The downside of all these types of lookups is that you can't benefit from indexes and you have to do a full table scan whenever you do a lookup. The above scheme can be improved by storing both the network IP address of the CIDR network (the beginning of the range) and the broadcast address (the end of the range), so for example to store 192.168.1.0/24 you can store two columns:
network broadcast
3232235776, 3232236031
And then you can to match it you simply do
SELECT count(*) FROM bans WHERE 3232235876 >= network AND 3232235876 <= broadcast
This would let you store CIDR networks in the database and match them against IP addresses quickly and efficiently by taking advantage of quick numeric indexes.
Note from discussion below:
MySQL 5.0 includes a ranged query optimization called "index merge intersect" which allows to speed up such queries (and avoid full table scans), as long as:
There is a multi-column index that matches exactly the columns in the query, in order. So - for the above query example, the index would need to be (network, broadcast).
All the data can be retrieved from the index. This is true for COUNT(*), but is not true for SELECT * ... LIMIT 1.
MySQL 5.6 includes an optimization called MRR which would also speed up full row retrieval, but that is out of scope of this answer.
For IPv4, you can use:
SET #length = 4;
SELECT INET_NTOA(ipaddr), INET_NTOA(searchaddr), INET_NTOA(mask)
FROM (
SELECT
(1 << (#length * 8)) - 1 & ~((1 << (#length * 8 - cidr)) - 1) AS mask,
CAST(CONV(SUBSTR(HEX(ipaddr), 1, #length * 2), 16, 10) AS DECIMAL(20)) AS ipaddr,
CAST(CONV(SUBSTR(HEX(#myaddr), 1, #length * 2), 16, 10) AS DECIMAL(20)) AS searchaddr
FROM ip
) ipo
WHERE ipaddr & mask = searchaddr & mask
IPv4 addresses, network addresses and netmasks are all UINT32 numbers and are presented in human-readable form as "dotted-quads". The routing table code in the kernel performs a very fast bit-wise AND comparison when checking if an address is in a given network space (network/netmask).
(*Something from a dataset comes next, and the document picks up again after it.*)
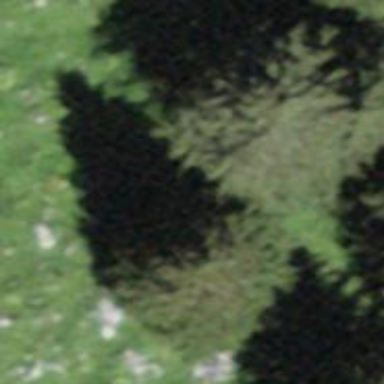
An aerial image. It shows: Needle-leaved tree in its natural environment.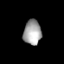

The trick here is to store the dotted-quad IP addresses, network addresses and netmasks in your tables as UINT32, and then perform the same 32-bit bit-wise AND for your matching. eg
SET #test_addr = inet_aton('1.2.3.4');
SET #network_one = inet_aton('1.2.3.0');
SET #network_two = inet_aton('4.5.6.0');
SET #network_netmask = inet_aton('255.255.255.0');
SELECT (#test_addr & #network_netmask) = #network_one AS IS_MATCHED;
+------------+
| IS_MATCHED |
+------------+
| 1 |
+------------+
SELECT (#test_addr & #network_netmask) = #network_two AS IS_NOT_MATCHED;
+----------------+
| IS_NOT_MATCHED |
+----------------+
| 0 |
+----------------+
Generating IP Address Ranges as Integers
If your database doesn't support fancy bitwise operations, you can use a simplified integer based approach.
The following example is using PostgreSQL:
select (cast(split_part(split_part('4.0.0.0/8', '/', 1), '.', 1) as bigint) * (256 * 256 * 256) +
cast(split_part(split_part('4.0.0.0/8', '/', 1), '.', 2) as bigint) * (256 * 256 ) +
cast(split_part(split_part('4.0.0.0/8', '/', 1), '.', 3) as bigint) * (256 ) +
cast(split_part(split_part('4.0.0.0/8', '/', 1), '.', 4) as bigint))
as network,
(cast(split_part(split_part('4.0.0.0/8', '/', 1), '.', 1) as bigint) * (256 * 256 * 256) +
cast(split_part(split_part('4.0.0.0/8', '/', 1), '.', 2) as bigint) * (256 * 256 ) +
cast(split_part(split_part('4.0.0.0/8', '/', 1), '.', 3) as bigint) * (256 ) +
cast(split_part(split_part('4.0.0.0/8', '/', 1), '.', 4) as bigint)) + cast(
pow(256, (32 - cast(split_part('4.0.0.0/8', '/', 2) as bigint)) / 8) - 1 as bigint
) as broadcast;
Hmmm. You could build a table of the cidr masks, join it, and then compare the ip anded (& in MySQL) with the mask with the ban block ipaddress. Would that do what you want?
If you don't want to build a mask table, you could compute the mask as -1 << (x-cidr) with x = 64 or 32 depending.